Metacarcinus starri Temporal range: Lower Miocene PreꞒ Ꞓ O S D C P T J K Pg N

Scientific classification
- Kingdom: Animalia
- Phylum: Arthropoda
- Class: Malacostraca
- Order: Decapoda
- Suborder: Pleocyemata
- Infraorder: Brachyura
- Family: Cancridae
- Genus: Metacarcinus
- Species: M. starri
- Binomial name: Metacarcinus starri (Berglund & Goedert, 1996)
- Synonyms: Cancer (Metacarcinus) starri Berglund & Goedert, 1996

= Metacarcinus starri =

- Genus: Metacarcinus
- Species: starri
- Authority: (Berglund & Goedert, 1996)
- Synonyms: Cancer (Metacarcinus) starri Berglund & Goedert, 1996

Extinct species of crab

Metacarcinus starri is an extinct species of crab in the family Cancridae, subfamily Cancrinae. The species is known solely from the early Miocene, Clallam Formation and the underlying Pysht Formation deposits on the Olympic Peninsula of Washington state, United States.
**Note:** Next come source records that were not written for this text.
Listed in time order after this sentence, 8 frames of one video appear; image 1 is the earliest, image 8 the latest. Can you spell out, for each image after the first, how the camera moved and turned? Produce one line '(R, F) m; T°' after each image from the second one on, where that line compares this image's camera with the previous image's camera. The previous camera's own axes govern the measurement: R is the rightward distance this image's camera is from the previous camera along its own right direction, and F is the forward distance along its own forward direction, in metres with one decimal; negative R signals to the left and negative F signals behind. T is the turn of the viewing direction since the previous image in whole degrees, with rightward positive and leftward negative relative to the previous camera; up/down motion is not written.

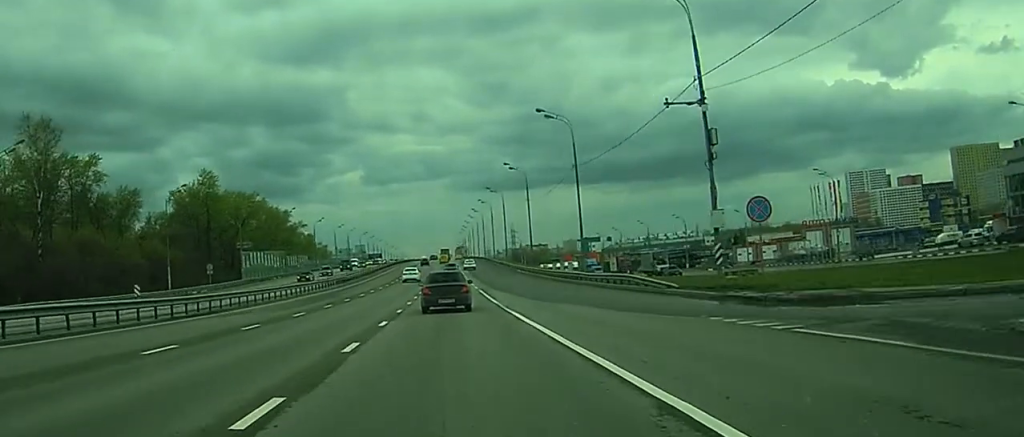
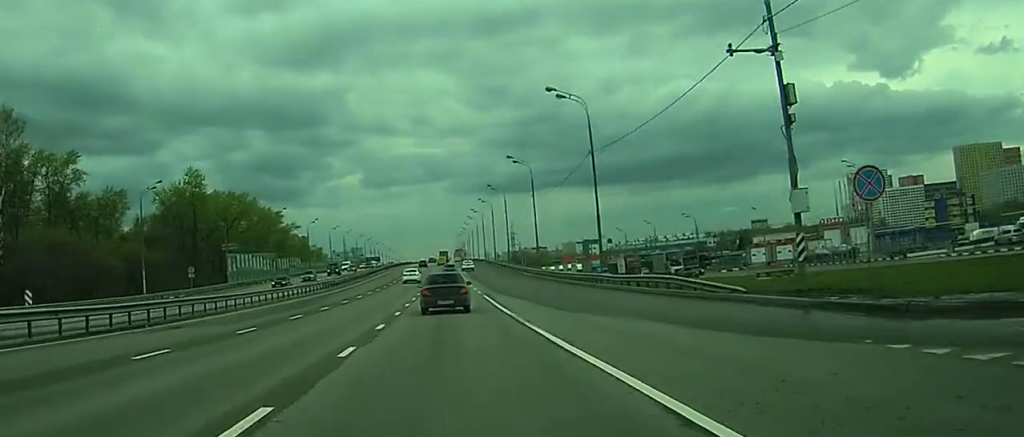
(0.0, +8.7) m; 0°
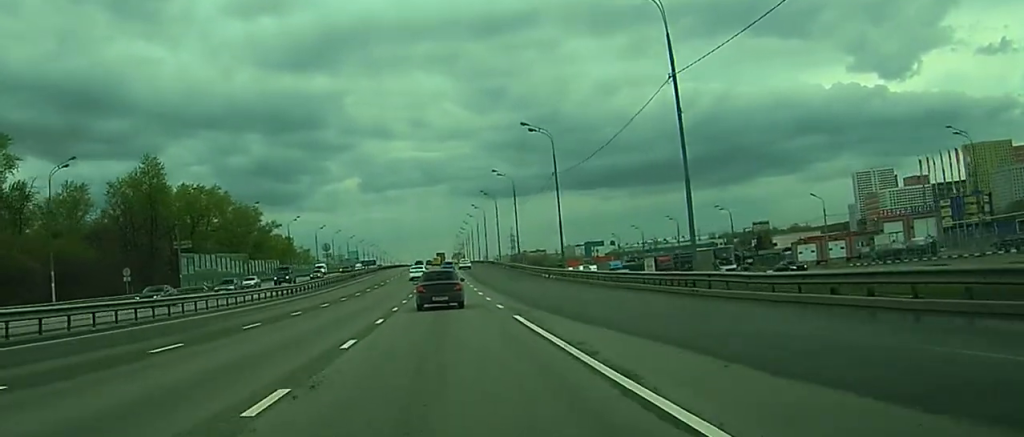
(+0.1, +22.9) m; 0°
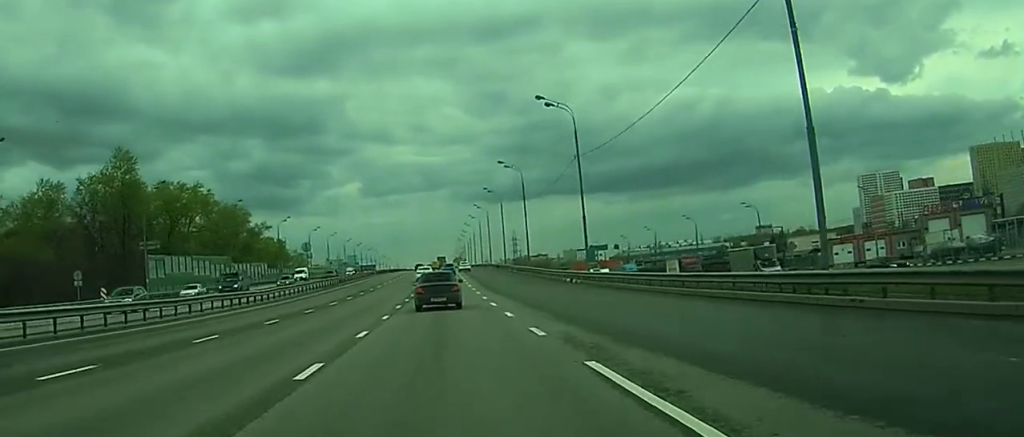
(0.0, +12.8) m; 0°
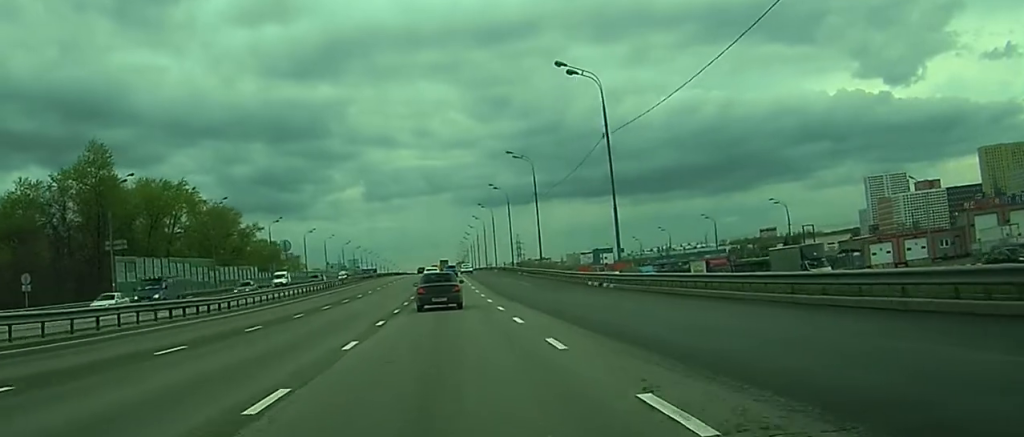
(0.0, +10.8) m; 0°
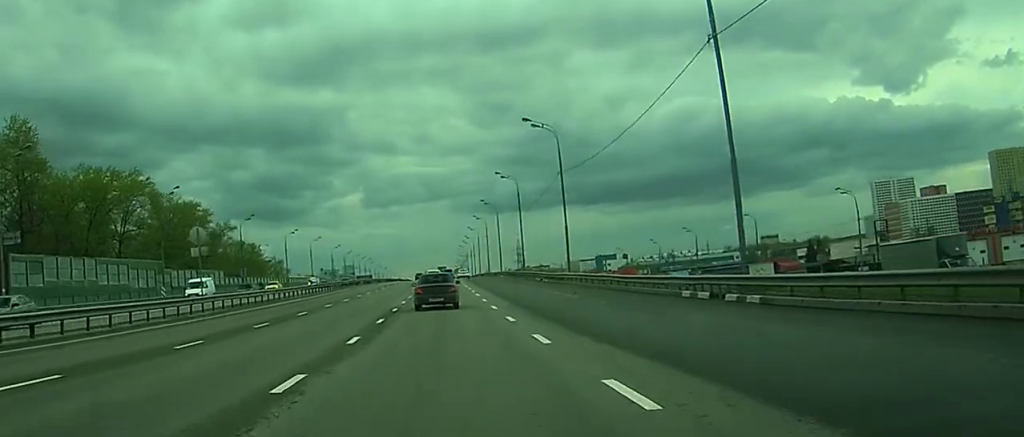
(0.0, +22.1) m; 0°
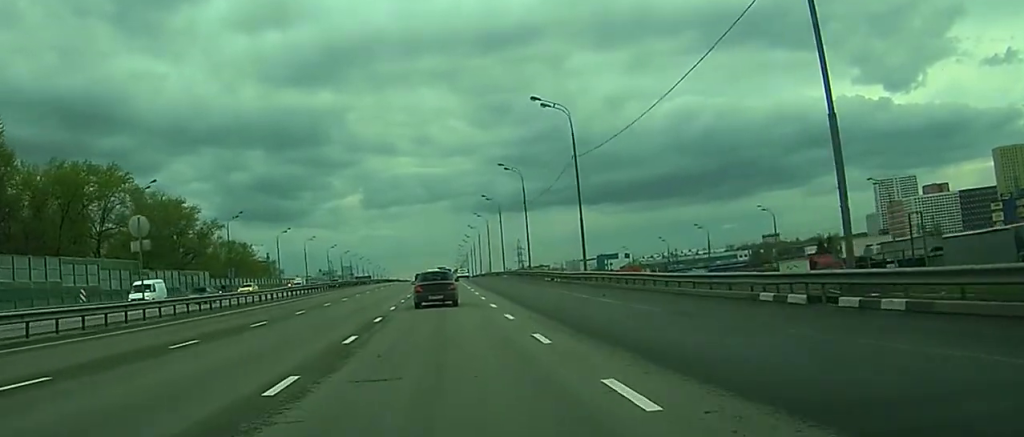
(0.0, +8.2) m; 0°
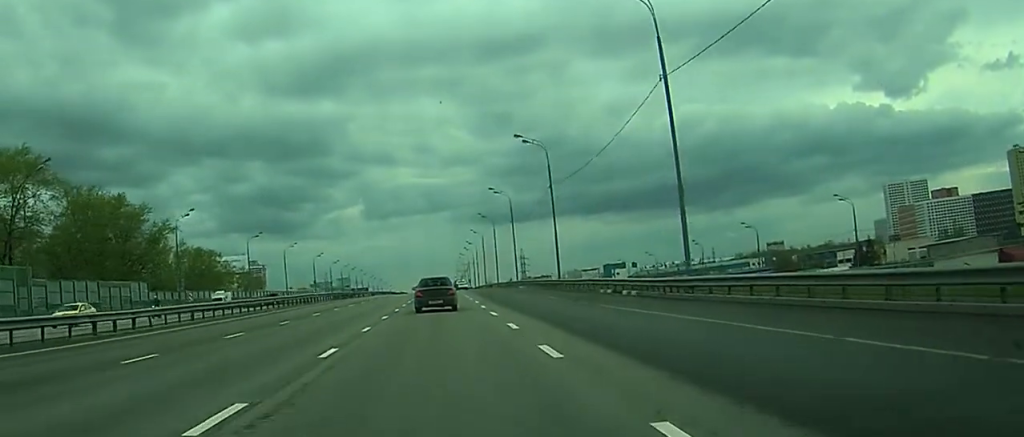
(0.0, +26.5) m; -2°

==History and classification==
The species is known from only the holotype female, number UWBM 92012, and five other specimens all of which are currently residing in the collections housed at the Burke Museum of Natural History and Culture in Seattle, Washington, USA. The type specimens were first studied by Ross E. Berglund and James L. Goedert. Berglund and Goedert's species description was published in the Journal of Paleontology in 1996. The specific epithet "starri" was coined by the authors in recognition of David Starr, who collected and donated one of the paratype specimens.
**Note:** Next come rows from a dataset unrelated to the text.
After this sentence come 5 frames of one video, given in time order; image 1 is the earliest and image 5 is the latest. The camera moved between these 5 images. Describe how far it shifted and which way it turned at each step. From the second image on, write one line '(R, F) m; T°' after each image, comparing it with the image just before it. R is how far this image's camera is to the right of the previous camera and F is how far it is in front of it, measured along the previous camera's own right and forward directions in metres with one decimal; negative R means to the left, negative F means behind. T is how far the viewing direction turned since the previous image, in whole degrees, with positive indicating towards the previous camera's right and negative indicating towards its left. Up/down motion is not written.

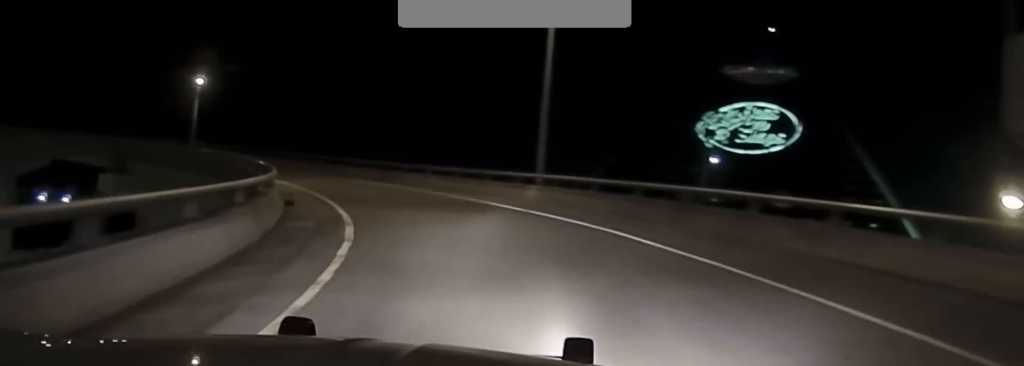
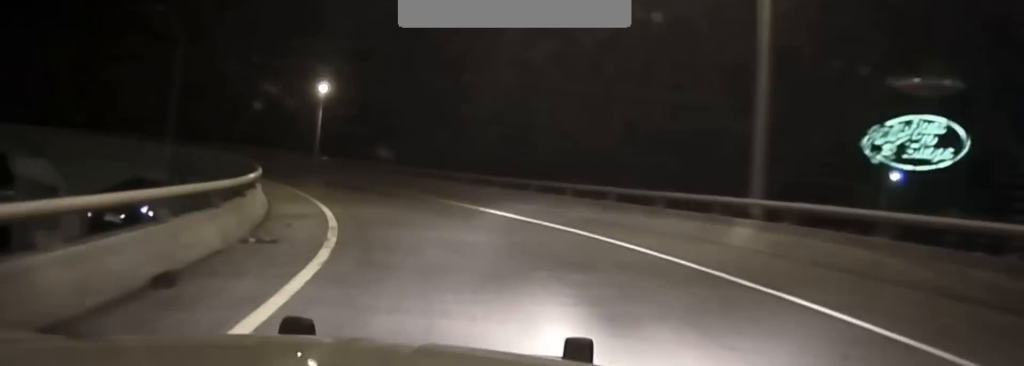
(-1.2, +13.7) m; -10°
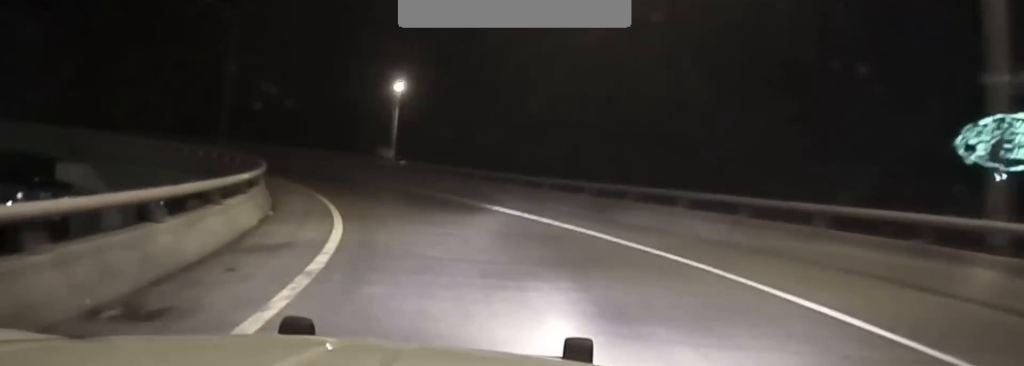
(-0.3, +6.9) m; -6°
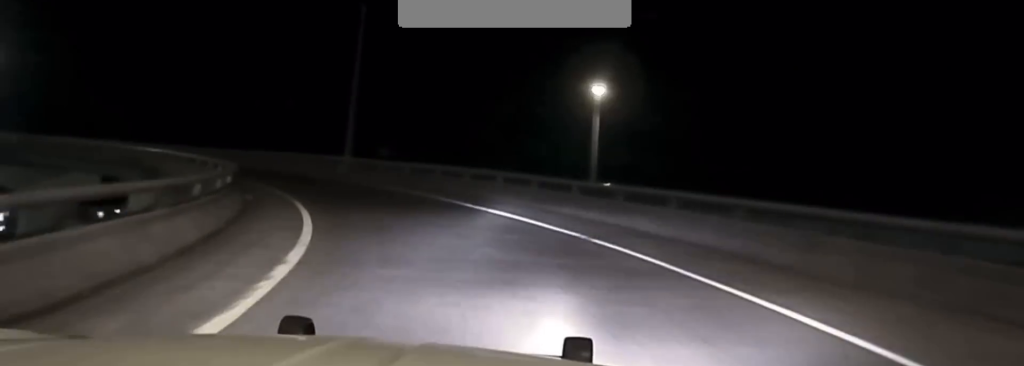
(-2.3, +18.4) m; -16°
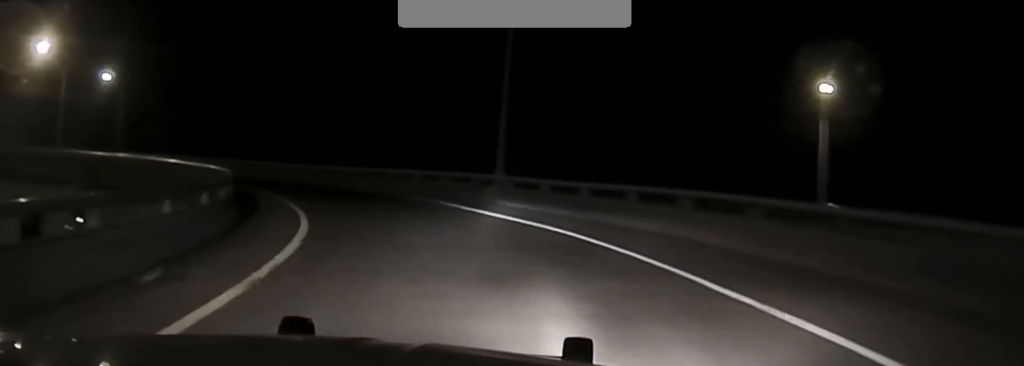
(-1.5, +17.5) m; -5°
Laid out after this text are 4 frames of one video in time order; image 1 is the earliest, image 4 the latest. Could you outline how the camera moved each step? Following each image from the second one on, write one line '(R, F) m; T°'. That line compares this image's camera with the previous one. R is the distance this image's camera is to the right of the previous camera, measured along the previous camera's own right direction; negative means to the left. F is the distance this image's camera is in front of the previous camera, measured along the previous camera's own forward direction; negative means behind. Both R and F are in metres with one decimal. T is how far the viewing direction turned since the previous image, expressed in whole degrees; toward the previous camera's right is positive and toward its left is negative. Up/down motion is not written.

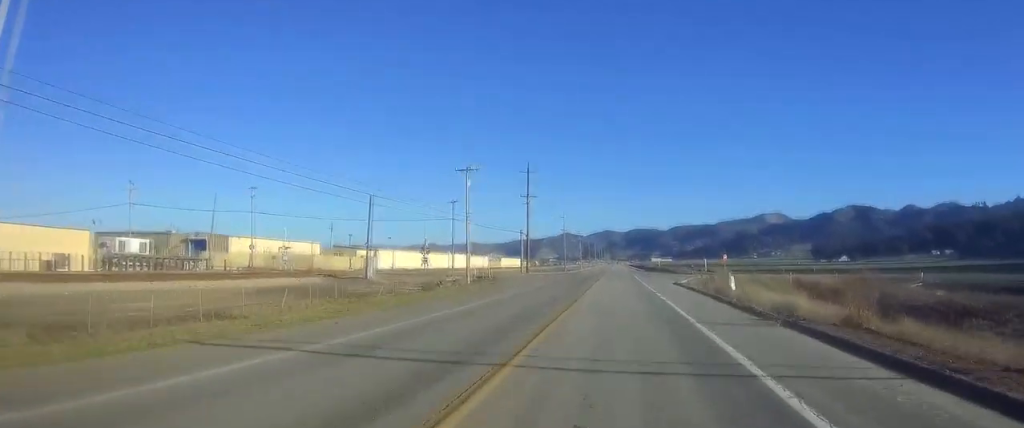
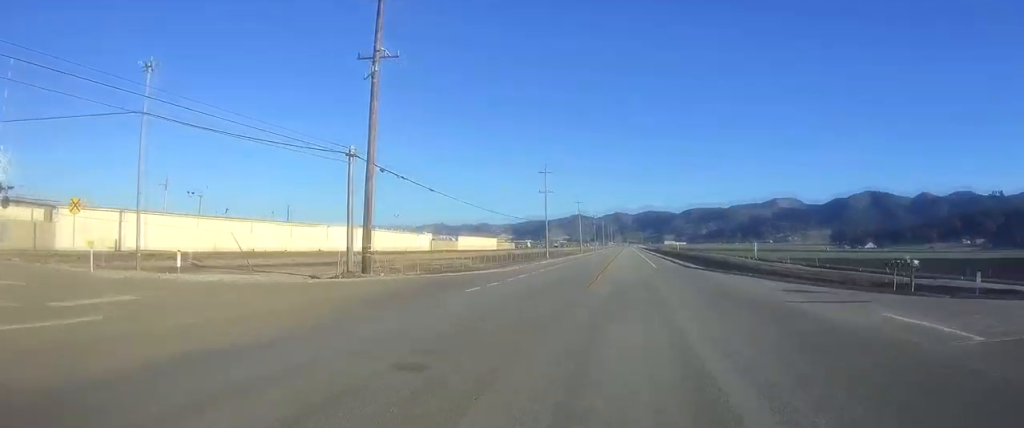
(+2.8, +77.5) m; +3°
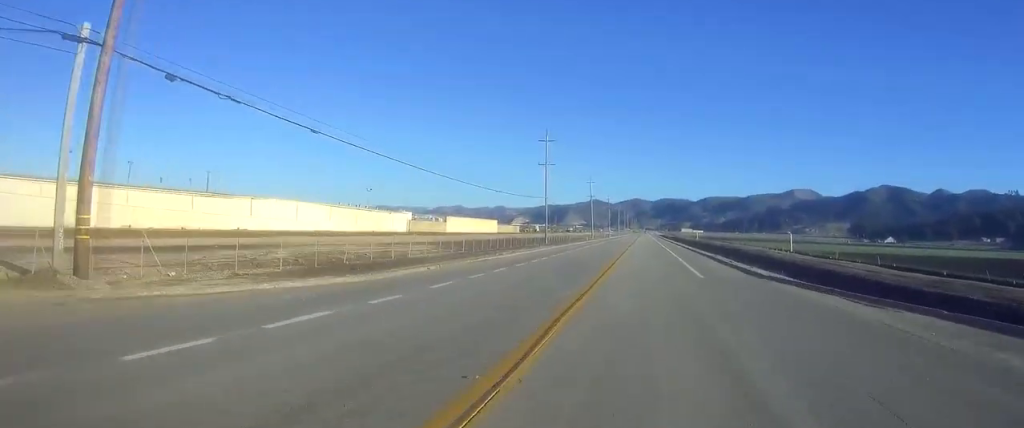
(0.0, +24.8) m; 0°
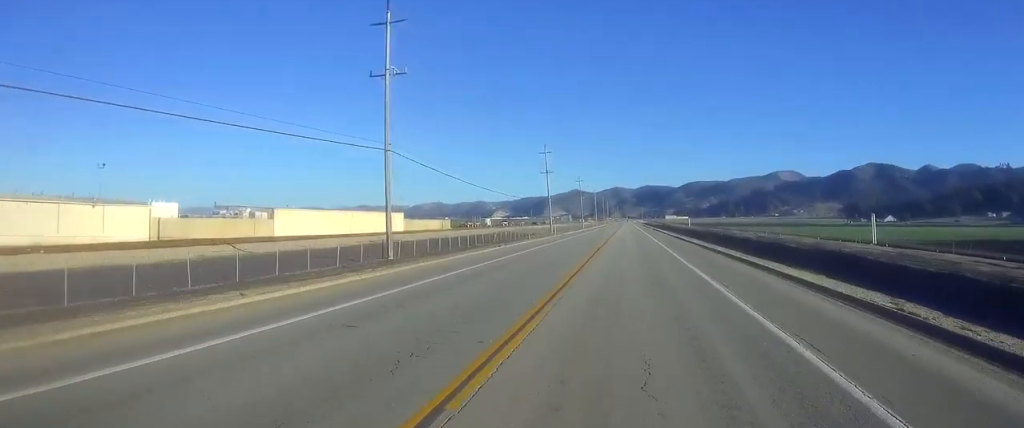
(-0.1, +64.2) m; 0°

When first described, M. starri was named Cancer (Metacarcinus) starri by Berglund and Goedert. In 1975, J. D. Nations had divided the genus Cancer into four subgenera, including Metacarcinus. This placement was followed until 2000, when the subgenera were elevated to full genera by Carrie E. Schweitzer and Rodney M. Feldmann, making the species' binomial Metacarcinus starri.

==Description==
The oval carapace, nearly straight posterolateral margins, and chelipeds with spiny upper margins are used as the basis for placing the species in Metacarcinus. In comparisons of overall morphology, M. starri was noted to be most similar to the living species M. gracils, commonly called the graceful rock crab. When published, M. starri was the oldest species of Metacarcinus to be described, being older than M. coosensis, which is known from fossils found in Washington, Oregon, and California. It is also the third species of Metacarcinus to be identified from Washington state fossils. The age and location indicate a possible Northern Pacific origin for the genus.
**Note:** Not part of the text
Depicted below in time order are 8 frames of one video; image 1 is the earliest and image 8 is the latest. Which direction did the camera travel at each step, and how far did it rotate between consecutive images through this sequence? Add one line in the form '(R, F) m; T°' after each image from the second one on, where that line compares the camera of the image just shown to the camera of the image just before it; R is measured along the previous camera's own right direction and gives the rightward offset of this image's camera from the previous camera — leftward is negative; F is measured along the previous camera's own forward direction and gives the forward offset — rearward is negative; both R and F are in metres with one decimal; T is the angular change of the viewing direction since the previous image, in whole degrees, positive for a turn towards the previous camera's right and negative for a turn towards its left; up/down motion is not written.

Metacarcinus starri lived and was preserved in strata deposited at depths of 50–70 m, placing them in the lower sublittoral zone. The specimens were preserved in concretions found as loose float cobbles along the Strait of Juan de Fuca shoreline and collected at sites B6133 and B6136. However the individual cobble matrices match sediments found in the upper Pysht and lower Clallam Formations. This species lived with several other crustaceans, including the crab Pinnixa and a mud shrimp of the genus Callianassa. The extinct species Branchioplax washingtoniana was formerly thought to also occur in the Clallam Formation with M. starri, however with redefinition of the Twin River Group the sediments, B. washingtoniana has been shown to occur in the older Twin River Formation.